Palermo, outubro de 1963. Um grupo de poetas, prosadores, críticos e artistas se reúne no sul da Itália para repensar arte e literatura, para dar voz à Neovanguarda que já alguns anos antes havia começado a se manifestar nos ambientes da revista Il Verri e com a publicação da antologia I Novissimi (1961).
Buscando o encontro e o confronto, esses jovens se propunham a desafiar as estruturas hierárquicas de um sistema cultural antiquado, em que o peso da tradição não deixava espaço para novas tendências; queriam romper com a continuidade do conservadorismo literário, artístico e intelectual, olhando para a linguagem da arte como a maneira de operar essas mudanças. Nesse clima nasce o Grupo 63, movimento heterogêneo e sem objetivos definidos — grupo que, como diria Edoardo Sanguineti, um de seus fundadores, já nasceu «corroído» —, caracterizado por individualidades marcadas (por vezes inconciliáveis), mas também animado por uma intenção de busca coletiva.
Desse grupo se aproximou Amelia Rosselli (1930-1996), poeta e tradutora de origem ítalo-inglesa, uma das vozes mais contundentes da poesia italiana do século XX. Nascida em Paris em condição de refugiada — o pai, Carlo Rosselli, figura importante para o antifascismo italiano, encontrava-se exilado na França com o irmão Nello —, deparou-se, desde seus primeiros anos de vida, com cenários de exílio e morte: seu pai foi assassinado quando ela era ainda criança, e a esse evento seguiram-se outros de fuga e desenraizamento.

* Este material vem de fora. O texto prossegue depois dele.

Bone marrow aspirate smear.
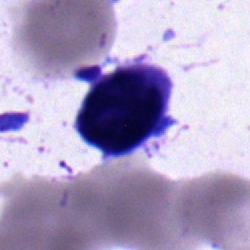
Q: What is the morphological classification of this cell?
A: This is an undifferentiated blast.
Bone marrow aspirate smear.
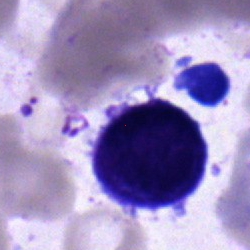
Q: What cell is this?
A: A blast.
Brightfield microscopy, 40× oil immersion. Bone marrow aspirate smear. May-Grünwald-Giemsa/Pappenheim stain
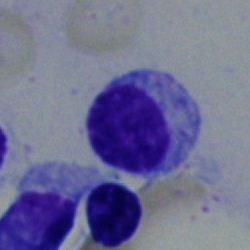

Morphology — lymphocyte.
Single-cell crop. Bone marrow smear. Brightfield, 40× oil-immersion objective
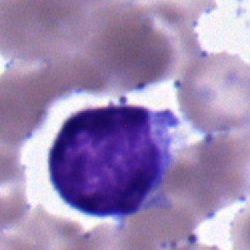 Morphology — typical lymphocyte.
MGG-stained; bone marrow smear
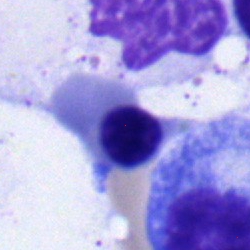
Showing an erythroblast.
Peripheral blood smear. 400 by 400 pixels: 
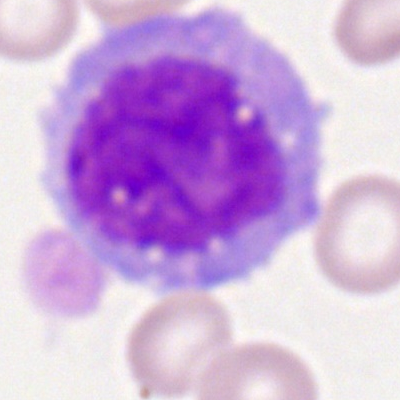 Q: Identify the cell.
A: It is a monocyte.

A educação de Rosselli foi múltipla e versátil: as três línguas de sua infância e juventude — o italiano paterno, assumido mais tarde como a língua da poesia; o inglês da mãe; o francês de sua infância — lhe permitiam mergulhar nas diversas tradições literárias, aproximando-se também de importantes figuras da vanguarda. A investigação poética de Rosselli se caracterizou desde o início por uma extraordinária habilidade de linguagem e uma profunda intuição musical, cultivada no estudo da etnomusicologia e da composição.
Em 1963, a poeta compunha versos já há uma década, tendo redigido os poemas de Variazioni belliche [Variações bélicas], publicado no ano seguinte, o ensaio Spazi metrici [Espaços métricos] (1962), e o poema longo La libellula [A libélula], composto em 1958 e impresso só mais tarde. Nessa primeira fase poética, Rosselli alterna as três línguas de origem: o volume Primi Scritti [Primeiros Escritos] (1952-1963), publicado em 1980, reúne textos em inglês, francês e italiano, concluindo-se com uma série chamada Palermo ’63, em que se apresentam poemas redigidos em ocasião do primeiro encontro do Grupo 63, dedicados a alguns de seus integrantes.
Amelia Rosselli se mostrou sempre esquiva em relação a grupos e tendências; participou de algumas reuniões do Grupo 63, não chegando, porém, a identificar-se com os propósitos dos colegas. Constituindo uma voz poética isolada, a poeta se mantém fiel não às tendências de vanguarda mas à própria percepção: os poemas de Palermo ’63, definidos pela mesma autora um «scherzo letterario»,[1] constituem um exemplo do uso sagaz e irônico da língua, e nos revelam uma Rosselli divertida e perceptiva, paródica e provocadora, que não poupa versos de ironia a seus colegas, e nem a si mesma.
[1] Amelia Rosselli usa a locução «scherzo letterario» [brincadeira literária] em uma carta para Armando Marchi, escrita em 10 de agosto de 1987.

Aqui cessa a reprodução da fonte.